Fórmula v/s leche materna: Como la dieta era cada vez más restrictiva, cuando su segunda guagua tenía un mes y medio, el gastroenterólogo le recomendó a María de la Luz probar 4 días dándole relleno especial para guaguas con alergia. Su hija mostró mejorías. “Pero ahí empezó mi angustia, porque yo no quería darle relleno, quería darle pechuga, más aún si ella tenía un mes y medio. Para mí era demasiado poco tiempo”, dice. Al tercer día de darle relleno, a María de la Luz se le empezó a cortar la leche. “Entonces llamé al gastroenterólogo y le dije ‘ok, está confirmado el diagnóstico, pero algo que a mí me va a desestabilizar mucho emocionalmente es no darle pecho a mi hija. Entonces qué hacemos. Y él me dijo ‘elimina el relleno, vamos a tener volver atrás y aguantar los llantos, mientras no encontremos a qué es alérgica y tienes que darle pechuga 24/7 para recuperar la leche’. Y ahí, de verdad, me tuve que poner a mi hija 24/7 para recuperar la leche. Me costó un mundo, pero la recuperé”, dice. El costo que tuvo eso es que su guagua nunca más aceptó una mamadera.

Dieta de exclusión: María de la Luz reconoce que esta segunda experiencia como mamá de una guagua con alergia alimentaria se le hizo mucho más difícil. “Yo estaba mucho más restringida, entonces era realmente angustiante sentir que no podía comer nada.
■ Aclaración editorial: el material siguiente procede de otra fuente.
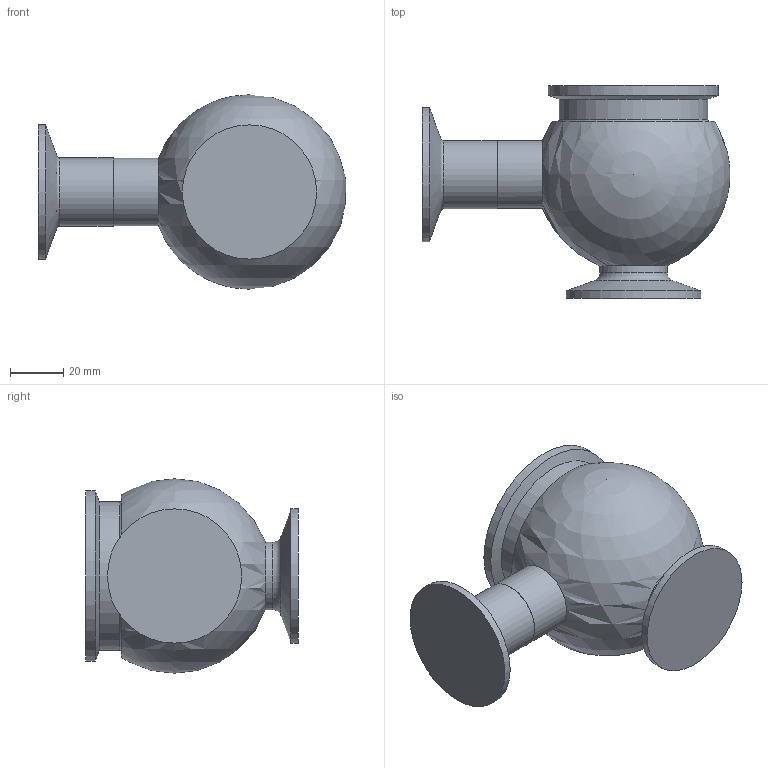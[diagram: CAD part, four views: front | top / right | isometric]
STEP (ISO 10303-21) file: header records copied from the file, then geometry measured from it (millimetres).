
FILE_DESCRIPTION(/* description */ (''),/* implementation_level */ '2;1');
FILE_NAME(/* name */ '111709.stp',/* time_stamp */ '2021-08-18T14:35:42+05:00',/* author */ ('H7M44K'),/* organization */ (''),/* preprocessor_version */ 'ST-DEVELOPER v18.1',/* originating_system */ 'Autodesk Inventor 2020',/* authorisation */ '');
FILE_SCHEMA (('AUTOMOTIVE_DESIGN { 1 0 10303 214 3 1 1 }'));
Length unit declared in the file: inch
Products named in the file (1): 111709
Bounding box: 115.61 x 79.88 x 73 mm (x, y, z)
Volume: 255725.8 mm3; surface area: 29962.9 mm2
Topology: 1 solids, 1 shells, 19 faces, 52 edges, 37 vertices
Faces by surface type: cylinder 7, plane 5, torus 3, cone 3, sphere 1
Full cylindrical faces by diameter (mm): 25.4 x2, 25.527 x1, 50.394 x2, 55.677 x1, 63.881 x1
Entity records: 675 total; most frequent: DIRECTION 130, CARTESIAN_POINT 107, ORIENTED_EDGE 100, AXIS2_PLACEMENT_3D 60, EDGE_CURVE 50, CIRCLE 40, VERTEX_POINT 37, EDGE_LOOP 23

Nada. Y a pesar de eso, no sabía, de lo que estaba comiendo, qué le hacía mal a mi hija. Entonces hubo un momento donde yo le dije al doctor, ‘bueno, por qué no me quedo comiendo solo arroz con tomate’. Y él me dijo ‘no lo hagas porque el costo es muy alto: corres el riesgo de caer en desnutrición y con eso, que se te corte la leche’”. En la desesperación por la privación, un día María de la Luz se hizo un queque con harina de trigo que se devoró en dos días. Como su hija no paró de llorar los tres siguientes, entendió que el trigo le causaba alergia. Entonces, sacó todo lo que tuviera trigo de su dieta. Desde los 5 meses en adelante su hija empezó a mostrar mejorías. Ahora la etapa que se viene es introducir alimentos: probar semana a semana para ver, por ensayo y error, cuáles ha ido tolerando.